26-cv-99-jdp CHRIS BUESGEN,
Respondent.
Petitioner Keith Griffin, proceeding without counsel, seeks a petition for writ of habeas corpus under 28 U.S.C. § 2254 from respondent Chris Buesgen, warden of Stanley Correctional Institution. Dkt. 1. Griffin contends that the state of Wisconsin lacked jurisdiction to revoke his probation in Dane County case no. 2015CF997 because the revocation was based on a void Illinois state court conviction. I must review the petition under Rule 4 of the Rules Governing Section 2254 Cases. Rule 4 authorizes me to dismiss a petition summarily if “it plainly appears from the face of the petition and any exhibits annexed to it that the petitioner is not entitled to relief in the district court.” I will dismiss the petition because it is plainly meritless. BACKGROUND The background is mostly from my decisions dismissing Griffin’s related civil rights complaint and previous petitions under 28 U.S.C. § 2241. See Griffin v. Meisner, 25-cv-328-jdp, Dkt. 6; Griffin v. Popp, 25-cv-258-jdp, Dkt. 12; Griffin v. Barrett, 25-cv-200-jdp, Dkt. 3; Griffin v. Perez, 25-cv-145-jdp, Dkt. 12. In 2015, Griffin was convicted of taking and driving a vehicle without consent in the ’997 Dane County case. He was sentenced to two years of initial confinement and two years of extended supervision, imposed and stayed for three years of probation. In 2018, Griffin was charged with and convicted in Cook County (Ill.) Circuit Court of being an armed habitual criminal and of unlawful use of a weapon by a felon. People v. Griffin,
2022 IL App (1st) 190499, ¶ 1. The circuit court sentenced Griffin to eight years of imprisonment, and its judgment was affirmed on appeal. Id. The Supreme Court of Illinois denied Griffin’s petition for review. People v. Griffin, 197 N.E.3d 1132 (Ill. 2022) (table). While his direct appeal was pending, Griffin filed a habeas corpus petition in the Cook County Circuit Court, which denied it. The Illinois appellate court granted Griffin’s counsel’s motion to dismiss the appeal of the habeas decision because it raised no issue of legal merit, and it affirmed the dismissal. Griffin then brought a petition for writ of habeas corpus under 28 U.S.C. § 2254 in the U.S. District Court for the Northern District of Illinois, which is pending.
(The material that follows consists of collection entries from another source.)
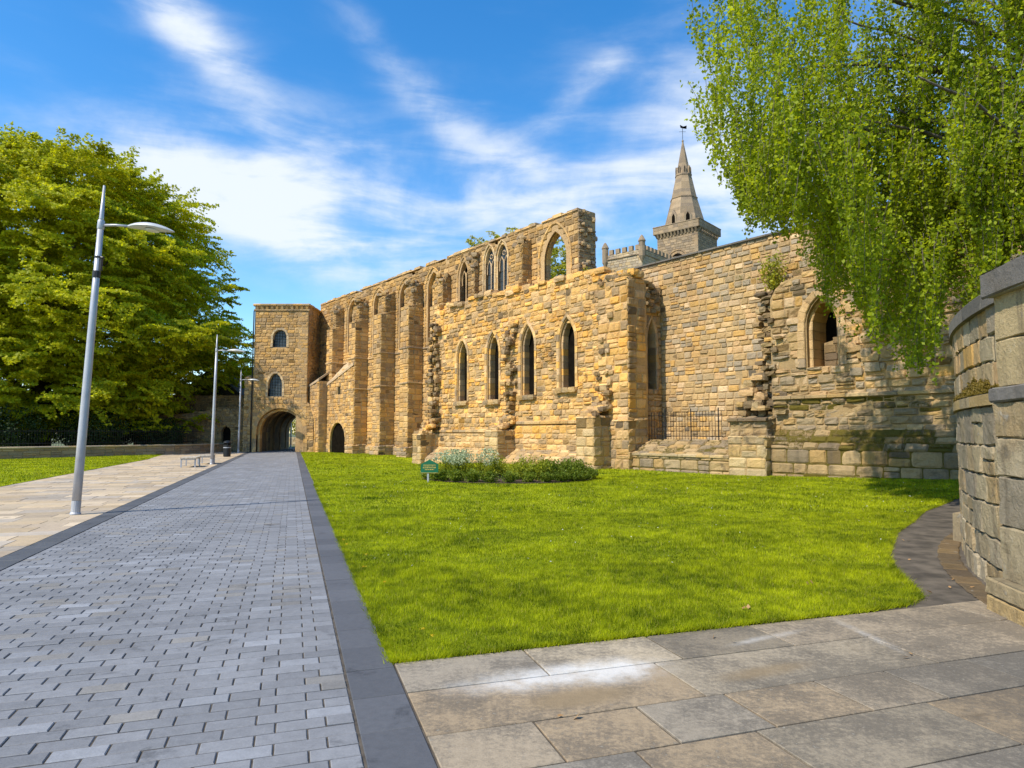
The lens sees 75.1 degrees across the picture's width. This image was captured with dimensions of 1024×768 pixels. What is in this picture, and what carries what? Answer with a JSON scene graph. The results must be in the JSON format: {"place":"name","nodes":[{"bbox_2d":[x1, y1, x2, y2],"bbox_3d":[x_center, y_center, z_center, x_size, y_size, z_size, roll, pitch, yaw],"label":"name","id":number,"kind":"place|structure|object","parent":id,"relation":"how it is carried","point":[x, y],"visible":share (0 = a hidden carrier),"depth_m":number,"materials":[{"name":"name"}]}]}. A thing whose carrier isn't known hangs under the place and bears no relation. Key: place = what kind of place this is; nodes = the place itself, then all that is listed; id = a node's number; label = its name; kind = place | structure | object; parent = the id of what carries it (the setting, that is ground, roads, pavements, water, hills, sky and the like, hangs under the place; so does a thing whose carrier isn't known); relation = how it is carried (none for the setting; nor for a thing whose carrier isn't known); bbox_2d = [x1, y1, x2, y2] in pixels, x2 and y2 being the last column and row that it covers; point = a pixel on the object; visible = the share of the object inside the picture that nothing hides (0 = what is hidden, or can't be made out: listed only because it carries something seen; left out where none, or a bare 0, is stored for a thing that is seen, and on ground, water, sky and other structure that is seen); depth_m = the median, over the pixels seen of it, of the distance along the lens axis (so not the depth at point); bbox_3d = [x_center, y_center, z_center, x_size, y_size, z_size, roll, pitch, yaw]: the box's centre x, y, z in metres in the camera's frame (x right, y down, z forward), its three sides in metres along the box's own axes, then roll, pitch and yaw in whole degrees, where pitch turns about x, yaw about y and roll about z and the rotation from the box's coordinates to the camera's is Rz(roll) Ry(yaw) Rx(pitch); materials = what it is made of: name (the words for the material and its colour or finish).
{"place":"outdoors","nodes":[
{"label":"outdoors","id":0,"kind":"place"},
{"bbox_2d":[0,454,163,485],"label":"verge lawn","id":1,"kind":"structure","parent":0,"point":[32,472],"depth_m":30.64,"materials":[{"name":"green plant"}]},
{"bbox_2d":[0,452,245,557],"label":"buff pavement","id":2,"kind":"structure","parent":0,"point":[32,512],"depth_m":17.82,"materials":[{"name":"beige stone"}]},
{"bbox_2d":[69,185,173,514],"bbox_3d":[-7.975,-0.730,13.734,1.620,6.820,0.399,3,-4,-3],"label":"street lamp","id":3,"kind":"object","parent":2,"relation":"on","point":[84,412],"visible":1,"depth_m":13.64,"materials":[{"name":"grey metal"}]},
{"bbox_2d":[180,456,200,467],"bbox_3d":[-15.600,3.780,32.310,0.670,0.470,1.800,1,-4,-18],"label":"bench","id":4,"kind":"object","parent":2,"relation":"on","point":[186,458],"visible":0.98,"depth_m":31.64,"materials":[{"name":"grey paint"}]},
{"bbox_2d":[197,454,214,464],"bbox_3d":[-16.250,4.006,35.402,0.670,0.470,1.800,1,-4,-18],"label":"bench","id":5,"kind":"object","parent":2,"relation":"on","point":[205,455],"visible":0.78,"depth_m":34.66,"materials":[{"name":"grey paint"}]},
{"bbox_2d":[210,335,244,463],"bbox_3d":[-14.905,0.799,34.974,1.620,6.820,0.399,1,-4,-3],"label":"street lamp","id":6,"kind":"object","parent":2,"relation":"on","point":[214,412],"visible":1,"depth_m":34.89,"materials":[{"name":"grey metal"}]},
{"bbox_2d":[223,441,231,456],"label":"litter bin","id":7,"kind":"object","parent":2,"relation":"on","point":[227,450],"visible":1,"depth_m":45.60,"materials":[{"name":"black metal"}]},
{"bbox_2d":[237,370,258,452],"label":"street lamp","id":8,"kind":"object","parent":2,"relation":"on","point":[238,445],"visible":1,"depth_m":54.45,"materials":[{"name":"grey metal"}]},
{"bbox_2d":[129,417,187,444],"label":"shrub","id":9,"kind":"object","parent":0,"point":[158,439],"visible":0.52,"depth_m":53.59,"materials":[{"name":"green plant"}]},
{"bbox_2d":[0,448,363,767],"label":"sett street","id":10,"kind":"structure","parent":0,"point":[221,486],"depth_m":5.33,"materials":[{"name":"grey stone"}]},
{"bbox_2d":[0,453,439,767],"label":"paving joints","id":11,"kind":"object","parent":10,"relation":"on","point":[355,719],"visible":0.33,"depth_m":4.51,"materials":[{"name":"grey concrete"}]},
{"bbox_2d":[179,371,244,395],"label":"tree","id":12,"kind":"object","parent":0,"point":[235,390],"visible":0.16,"depth_m":65.95,"materials":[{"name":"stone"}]},
{"bbox_2d":[0,452,437,767],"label":"street border","id":13,"kind":"object","parent":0,"point":[391,734],"visible":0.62,"depth_m":4.93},
{"bbox_2d":[19,433,959,664],"bbox_3d":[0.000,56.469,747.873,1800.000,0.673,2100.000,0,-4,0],"label":"ground","id":14,"kind":"structure","parent":0,"point":[61,444],"depth_m":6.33,"materials":[{"name":"green plant"}]},
{"bbox_2d":[0,232,34,394],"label":"beech tree","id":15,"kind":"object","parent":14,"relation":"on","point":[21,362],"visible":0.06,"depth_m":60.94,"materials":[{"name":"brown plant"}]},
{"bbox_2d":[0,403,50,446],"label":"shrub","id":16,"kind":"object","parent":14,"relation":"on","point":[12,431],"visible":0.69,"depth_m":45.94,"materials":[{"name":"green plant"}]},
{"bbox_2d":[0,394,73,446],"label":"shrub","id":17,"kind":"object","parent":14,"relation":"on","point":[50,441],"visible":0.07,"depth_m":53.02,"materials":[{"name":"green plant"}]},
{"bbox_2d":[50,410,131,445],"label":"shrub","id":18,"kind":"object","parent":14,"relation":"on","point":[75,432],"visible":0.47,"depth_m":49.20,"materials":[{"name":"green plant"}]},
{"bbox_2d":[67,404,139,444],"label":"shrub","id":19,"kind":"object","parent":14,"relation":"on","point":[127,437],"visible":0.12,"depth_m":53.74,"materials":[{"name":"green plant"}]},
{"bbox_2d":[0,443,222,458],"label":"wall","id":20,"kind":"structure","parent":14,"relation":"on","point":[51,451],"depth_m":46.92,"materials":[{"name":"stone"}]},
{"bbox_2d":[2,429,198,446],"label":"park railing","id":21,"kind":"object","parent":20,"relation":"on","point":[142,431],"visible":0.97,"depth_m":47.54,"materials":[{"name":"black metal"}]},
{"bbox_2d":[0,121,254,445],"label":"beech tree","id":22,"kind":"object","parent":14,"relation":"on","point":[152,300],"visible":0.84,"depth_m":53.44,"materials":[{"name":"green plant"}]},
{"bbox_2d":[133,395,272,451],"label":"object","id":23,"kind":"structure","parent":14,"relation":"on","point":[227,415],"depth_m":58.14,"materials":[{"name":"stone"}]},
{"bbox_2d":[226,342,253,368],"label":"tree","id":24,"kind":"object","parent":14,"relation":"on","point":[246,353],"visible":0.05,"depth_m":76.42,"materials":[{"name":"plant"}]},
{"bbox_2d":[242,303,321,451],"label":"gatehouse","id":25,"kind":"object","parent":14,"relation":"on","point":[286,349],"visible":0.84,"depth_m":57.34,"materials":[{"name":"stone"}]},
{"bbox_2d":[265,372,283,395],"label":"window","id":26,"kind":"structure","parent":25,"relation":"in","point":[276,387],"depth_m":57.44,"materials":[{"name":"stone"}]},
{"bbox_2d":[270,328,288,346],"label":"window","id":27,"kind":"structure","parent":25,"relation":"in","point":[280,338],"depth_m":57.74,"materials":[{"name":"stone"}]},
{"bbox_2d":[290,423,291,446],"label":"street lamp","id":28,"kind":"object","parent":14,"relation":"on","point":[291,435],"visible":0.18,"depth_m":75.23,"materials":[{"name":"grey metal"}]},
{"bbox_2d":[289,437,294,444],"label":"garden wall","id":29,"kind":"structure","parent":14,"relation":"on","point":[293,440],"depth_m":94.66,"materials":[{"name":"stone"}]},
{"bbox_2d":[292,418,295,434],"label":"hedge","id":30,"kind":"object","parent":14,"relation":"on","point":[294,425],"visible":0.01,"depth_m":96.25,"materials":[{"name":"green plant"}]},
{"bbox_2d":[421,459,437,481],"bbox_3d":[-2.750,2.896,22.198,0.580,0.760,0.100,0,-4,-4],"label":"garden sign","id":31,"kind":"object","parent":14,"relation":"on","point":[429,466],"visible":0.94,"depth_m":22.19,"materials":[{"name":"green metal"}]},
{"bbox_2d":[309,207,661,469],"bbox_3d":[-6.053,-1.566,45.424,3.941,14.046,38.394,3,-5,-38],"label":"refectory ruin","id":32,"kind":"object","parent":14,"relation":"on","point":[507,347],"visible":0.94,"depth_m":37.88,"materials":[{"name":"stone"}]},
{"bbox_2d":[345,296,355,352],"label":"window","id":33,"kind":"structure","parent":32,"relation":"in","point":[352,306],"depth_m":56.56,"materials":[{"name":"stone"}]},
{"bbox_2d":[370,287,383,355],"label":"window","id":34,"kind":"structure","parent":32,"relation":"in","point":[377,298],"depth_m":52.93,"materials":[{"name":"stone"}]},
{"bbox_2d":[396,277,409,351],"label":"window","id":35,"kind":"structure","parent":32,"relation":"in","point":[403,297],"depth_m":49.61,"materials":[{"name":"stone"}]},
{"bbox_2d":[424,267,438,346],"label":"window","id":36,"kind":"structure","parent":32,"relation":"in","point":[431,292],"depth_m":46.53,"materials":[{"name":"stone"}]},
{"bbox_2d":[453,338,469,405],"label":"window","id":37,"kind":"structure","parent":32,"relation":"in","point":[464,379],"depth_m":41.21,"materials":[{"name":"stone"}]},
{"bbox_2d":[456,256,467,300],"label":"window","id":38,"kind":"structure","parent":32,"relation":"in","point":[464,273],"depth_m":43.51,"materials":[{"name":"stone"}]},
{"bbox_2d":[482,244,495,291],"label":"window","id":39,"kind":"structure","parent":32,"relation":"in","point":[490,259],"depth_m":41.23,"materials":[{"name":"stone"}]},
{"bbox_2d":[482,329,500,404],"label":"window","id":40,"kind":"structure","parent":32,"relation":"in","point":[495,349],"depth_m":38.79,"materials":[{"name":"stone"}]},
{"bbox_2d":[494,239,508,290],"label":"window","id":41,"kind":"structure","parent":32,"relation":"in","point":[502,257],"depth_m":40.23,"materials":[{"name":"stone"}]},
{"bbox_2d":[516,321,536,400],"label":"window","id":42,"kind":"structure","parent":32,"relation":"in","point":[529,351],"depth_m":36.37,"materials":[{"name":"stone"}]},
{"bbox_2d":[537,221,572,281],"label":"window","id":43,"kind":"structure","parent":32,"relation":"in","point":[551,244],"depth_m":37.03,"materials":[{"name":"stone"}]},
{"bbox_2d":[555,313,578,392],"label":"window","id":44,"kind":"structure","parent":32,"relation":"in","point":[570,381],"depth_m":33.95,"materials":[{"name":"stone"}]},
{"bbox_2d":[647,316,658,390],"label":"window","id":45,"kind":"structure","parent":32,"relation":"in","point":[651,344],"depth_m":31.59,"materials":[{"name":"stone"}]},
{"bbox_2d":[423,475,595,482],"bbox_3d":[-0.100,3.301,23.630,6.235,0.100,4.600,0,-4,0],"label":"soil bed","id":46,"kind":"object","parent":14,"relation":"on","point":[516,481],"visible":0.27,"depth_m":22.01,"materials":[{"name":"brown soil"}]},
{"bbox_2d":[419,473,431,478],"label":"bed plant","id":47,"kind":"object","parent":46,"relation":"on","point":[423,475],"visible":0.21,"depth_m":23.09,"materials":[{"name":"green plant"}]},
{"bbox_2d":[426,469,445,479],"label":"bed plant","id":48,"kind":"object","parent":46,"relation":"on","point":[433,475],"visible":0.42,"depth_m":22.72,"materials":[{"name":"green plant"}]},
{"bbox_2d":[432,452,452,478],"bbox_3d":[-2.382,2.849,23.282,0.833,0.961,0.717,2,-5,-24],"label":"bed plant","id":49,"kind":"object","parent":46,"relation":"on","point":[442,459],"visible":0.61,"depth_m":23.21,"materials":[{"name":"green plant"}]},
{"bbox_2d":[435,468,449,480],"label":"bed plant","id":50,"kind":"object","parent":46,"relation":"on","point":[442,477],"visible":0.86,"depth_m":22.34,"materials":[{"name":"green plant"}]},
{"bbox_2d":[440,448,458,470],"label":"bed plant","id":51,"kind":"object","parent":46,"relation":"on","point":[453,451],"visible":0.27,"depth_m":23.80,"materials":[{"name":"green plant"}]},
{"bbox_2d":[445,455,465,474],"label":"bed plant","id":52,"kind":"object","parent":46,"relation":"on","point":[450,461],"visible":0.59,"depth_m":22.92,"materials":[{"name":"green plant"}]},
{"bbox_2d":[446,467,465,480],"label":"bed plant","id":53,"kind":"object","parent":46,"relation":"on","point":[454,476],"visible":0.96,"depth_m":22.02,"materials":[{"name":"green plant"}]},
{"bbox_2d":[448,457,464,472],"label":"bed plant","id":54,"kind":"object","parent":46,"relation":"on","point":[461,461],"visible":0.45,"depth_m":22.91,"materials":[{"name":"green plant"}]},
{"bbox_2d":[451,449,468,465],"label":"bed plant","id":55,"kind":"object","parent":46,"relation":"on","point":[462,453],"visible":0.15,"depth_m":24.60,"materials":[{"name":"green plant"}]},
{"bbox_2d":[453,453,471,478],"bbox_3d":[-1.736,2.860,23.098,0.711,0.911,0.612,0,-4,-5],"label":"bed plant","id":56,"kind":"object","parent":46,"relation":"on","point":[463,459],"visible":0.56,"depth_m":23.03,"materials":[{"name":"green plant"}]},
{"bbox_2d":[454,450,473,473],"bbox_3d":[-1.746,2.883,24.123,0.784,1.019,0.675,-1,-4,11],"label":"bed plant","id":57,"kind":"object","parent":46,"relation":"on","point":[471,465],"visible":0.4,"depth_m":24.07,"materials":[{"name":"green plant"}]},
{"bbox_2d":[461,468,482,481],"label":"bed plant","id":58,"kind":"object","parent":46,"relation":"on","point":[473,476],"visible":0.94,"depth_m":21.73,"materials":[{"name":"green plant"}]},
{"bbox_2d":[471,454,486,473],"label":"bed plant","id":59,"kind":"object","parent":46,"relation":"on","point":[478,465],"visible":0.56,"depth_m":24.66,"materials":[{"name":"green plant"}]},
{"bbox_2d":[478,470,500,481],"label":"bed plant","id":60,"kind":"object","parent":46,"relation":"on","point":[491,477],"visible":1,"depth_m":21.60,"materials":[{"name":"green plant"}]},
{"bbox_2d":[480,448,501,475],"bbox_3d":[-0.745,2.768,23.125,0.744,1.109,0.864,-1,-4,8],"label":"bed plant","id":61,"kind":"object","parent":46,"relation":"on","point":[493,455],"visible":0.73,"depth_m":23.08,"materials":[{"name":"green plant"}]},
{"bbox_2d":[482,457,499,476],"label":"bed plant","id":62,"kind":"object","parent":46,"relation":"on","point":[492,468],"visible":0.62,"depth_m":23.00,"materials":[{"name":"green plant"}]},
{"bbox_2d":[496,459,510,475],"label":"bed plant","id":63,"kind":"object","parent":46,"relation":"on","point":[504,469],"visible":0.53,"depth_m":23.85,"materials":[{"name":"green plant"}]},
{"bbox_2d":[499,457,510,470],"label":"bed plant","id":64,"kind":"object","parent":46,"relation":"on","point":[503,462],"visible":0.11,"depth_m":24.24,"materials":[{"name":"green plant"}]},
{"bbox_2d":[500,469,519,481],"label":"bed plant","id":65,"kind":"object","parent":46,"relation":"on","point":[509,477],"visible":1,"depth_m":21.52,"materials":[{"name":"green plant"}]},
{"bbox_2d":[505,464,523,477],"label":"bed plant","id":66,"kind":"object","parent":46,"relation":"on","point":[515,471],"visible":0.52,"depth_m":22.45,"materials":[{"name":"green plant"}]},
{"bbox_2d":[510,454,528,470],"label":"bed plant","id":67,"kind":"object","parent":46,"relation":"on","point":[518,463],"visible":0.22,"depth_m":24.43,"materials":[{"name":"green plant"}]},
{"bbox_2d":[513,457,538,478],"bbox_3d":[0.468,2.866,22.692,0.929,0.816,0.993,-4,-5,40],"label":"bed plant","id":68,"kind":"object","parent":46,"relation":"on","point":[526,470],"visible":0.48,"depth_m":22.58,"materials":[{"name":"green plant"}]},
{"bbox_2d":[519,470,538,481],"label":"bed plant","id":69,"kind":"object","parent":46,"relation":"on","point":[527,477],"visible":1,"depth_m":21.65,"materials":[{"name":"green plant"}]},
{"bbox_2d":[518,455,539,469],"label":"bed plant","id":70,"kind":"object","parent":46,"relation":"on","point":[529,459],"visible":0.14,"depth_m":24.33,"materials":[{"name":"green plant"}]},
{"bbox_2d":[526,455,547,479],"bbox_3d":[0.948,2.824,22.510,0.940,0.876,0.879,-2,-5,23],"label":"bed plant","id":71,"kind":"object","parent":46,"relation":"on","point":[541,464],"visible":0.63,"depth_m":22.35,"materials":[{"name":"green plant"}]},
{"bbox_2d":[529,462,549,478],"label":"bed plant","id":72,"kind":"object","parent":46,"relation":"on","point":[535,470],"visible":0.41,"depth_m":22.34,"materials":[{"name":"green plant"}]},
{"bbox_2d":[536,471,554,481],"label":"bed plant","id":73,"kind":"object","parent":46,"relation":"on","point":[548,476],"visible":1,"depth_m":21.78,"materials":[{"name":"green plant"}]},
{"bbox_2d":[537,456,558,475],"bbox_3d":[1.244,2.861,22.675,0.926,0.824,0.866,-2,-5,28],"label":"bed plant","id":74,"kind":"object","parent":46,"relation":"on","point":[549,466],"visible":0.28,"depth_m":22.44,"materials":[{"name":"green plant"}]},
{"bbox_2d":[548,462,565,478],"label":"bed plant","id":75,"kind":"object","parent":46,"relation":"on","point":[559,469],"visible":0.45,"depth_m":22.52,"materials":[{"name":"green plant"}]},
{"bbox_2d":[546,459,568,475],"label":"bed plant","id":76,"kind":"object","parent":46,"relation":"on","point":[551,467],"visible":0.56,"depth_m":22.52,"materials":[{"name":"green plant"}]},
{"bbox_2d":[554,470,571,480],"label":"bed plant","id":77,"kind":"object","parent":46,"relation":"on","point":[563,476],"visible":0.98,"depth_m":22.01,"materials":[{"name":"green plant"}]},
{"bbox_2d":[561,457,582,468],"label":"bed plant","id":78,"kind":"object","parent":46,"relation":"on","point":[571,462],"visible":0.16,"depth_m":23.54,"materials":[{"name":"green plant"}]},
{"bbox_2d":[560,459,585,472],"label":"bed plant","id":79,"kind":"object","parent":46,"relation":"on","point":[577,466],"visible":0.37,"depth_m":23.04,"materials":[{"name":"green plant"}]},
{"bbox_2d":[564,467,585,480],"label":"bed plant","id":80,"kind":"object","parent":46,"relation":"on","point":[575,474],"visible":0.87,"depth_m":22.27,"materials":[{"name":"green plant"}]},
{"bbox_2d":[578,471,590,479],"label":"bed plant","id":81,"kind":"object","parent":46,"relation":"on","point":[585,476],"visible":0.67,"depth_m":22.62,"materials":[{"name":"green plant"}]},
{"bbox_2d":[579,460,591,469],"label":"bed plant","id":82,"kind":"object","parent":46,"relation":"on","point":[584,465],"visible":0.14,"depth_m":23.85,"materials":[{"name":"green plant"}]},
{"bbox_2d":[584,467,597,478],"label":"bed plant","id":83,"kind":"object","parent":46,"relation":"on","point":[591,472],"visible":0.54,"depth_m":23.15,"materials":[{"name":"green plant"}]},
{"bbox_2d":[465,222,565,278],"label":"tree","id":84,"kind":"object","parent":14,"relation":"on","point":[555,272],"visible":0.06,"depth_m":58.25,"materials":[{"name":"green plant"}]},
{"bbox_2d":[602,235,671,270],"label":"battlemented tower","id":85,"kind":"structure","parent":14,"relation":"on","point":[642,253],"depth_m":83.07,"materials":[{"name":"stone"}]},
{"bbox_2d":[652,125,720,257],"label":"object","id":86,"kind":"structure","parent":14,"relation":"on","point":[686,228],"depth_m":89.25,"materials":[{"name":"stone"}]},
{"bbox_2d":[669,249,686,257],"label":"window","id":87,"kind":"structure","parent":86,"relation":"in","point":[678,253],"depth_m":88.38,"materials":[{"name":"stone"}]},
{"bbox_2d":[627,206,1014,439],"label":"stone wall","id":88,"kind":"structure","parent":14,"relation":"on","point":[711,351],"depth_m":29.61,"materials":[{"name":"stone"}]},
{"bbox_2d":[632,246,1022,479],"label":"chapter ruin","id":89,"kind":"object","parent":14,"relation":"on","point":[827,398],"visible":0.65,"depth_m":23.90,"materials":[{"name":"stone"}]},
{"bbox_2d":[649,407,722,439],"bbox_3d":[7.377,1.775,29.362,0.049,1.360,4.400,3,-5,-39],"label":"iron railing","id":90,"kind":"object","parent":89,"relation":"on","point":[696,414],"visible":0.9,"depth_m":29.04,"materials":[{"name":"black metal"}]},
{"bbox_2d":[757,248,787,290],"bbox_3d":[10.434,-4.451,26.567,1.214,1.865,1.054,-1,-4,15],"label":"wall plant","id":91,"kind":"object","parent":89,"relation":"on","point":[775,278],"depth_m":26.53,"materials":[{"name":"green plant"}]},
{"bbox_2d":[797,291,847,367],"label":"window","id":92,"kind":"structure","parent":89,"relation":"in","point":[824,348],"depth_m":24.73,"materials":[{"name":"stone"}]},
{"bbox_2d":[680,0,1023,385],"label":"birch tree","id":93,"kind":"object","parent":14,"relation":"on","point":[975,188],"visible":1,"depth_m":14.46,"materials":[{"name":"green plant"}]},
{"bbox_2d":[0,0,1023,432],"label":"sky","id":94,"kind":"structure","parent":0,"point":[342,147],"materials":[{"name":"blue"}]},
{"bbox_2d":[395,600,1023,767],"bbox_3d":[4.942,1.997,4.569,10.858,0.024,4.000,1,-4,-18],"label":"flagstone paving","id":95,"kind":"structure","parent":0,"point":[948,692],"depth_m":4.15,"materials":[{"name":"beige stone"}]},
{"bbox_2d":[557,539,973,719],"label":"fallen leaves","id":96,"kind":"object","parent":95,"relation":"on","point":[747,606],"visible":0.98,"depth_m":6.22,"materials":[{"name":"brown plant"}]},
{"bbox_2d":[877,499,985,611],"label":"worn footpath","id":97,"kind":"structure","parent":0,"point":[926,533],"depth_m":8.86,"materials":[{"name":"grey stone"}]},
{"bbox_2d":[953,512,961,542],"bbox_3d":[6.815,2.197,10.097,0.140,0.490,0.200,0,-4,0],"label":"guard stone","id":98,"kind":"object","parent":97,"relation":"on","point":[957,535],"visible":0.29,"depth_m":10.11,"materials":[{"name":"beige stone"}]},
{"bbox_2d":[937,533,989,604],"bbox_3d":[6.138,2.305,9.024,0.632,0.013,6.180,-3,-5,32],"label":"kerb channel","id":99,"kind":"object","parent":97,"relation":"on","point":[952,563],"visible":0.63,"depth_m":8.04,"materials":[{"name":"stone"}]},
{"bbox_2d":[949,255,1023,626],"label":"curved wall","id":100,"kind":"structure","parent":97,"relation":"on","point":[986,333],"depth_m":6.83,"materials":[{"name":"stone"}]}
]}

Griffin v. Jones, 24-cv-270 (N.D. Ill.). In February 2025, Griffin’s probation in the ’997 case (the 2015 Dane County case) was revoked, in large part based on the conduct charged in the 2018 Cook County case. The administrative law judge (ALJ) imposed the sentence that had been stayed in the ’997 case. The Wisconsin Division of Hearings and Appeals sustained the ALJ’s decision. Dkt. 1 at 30.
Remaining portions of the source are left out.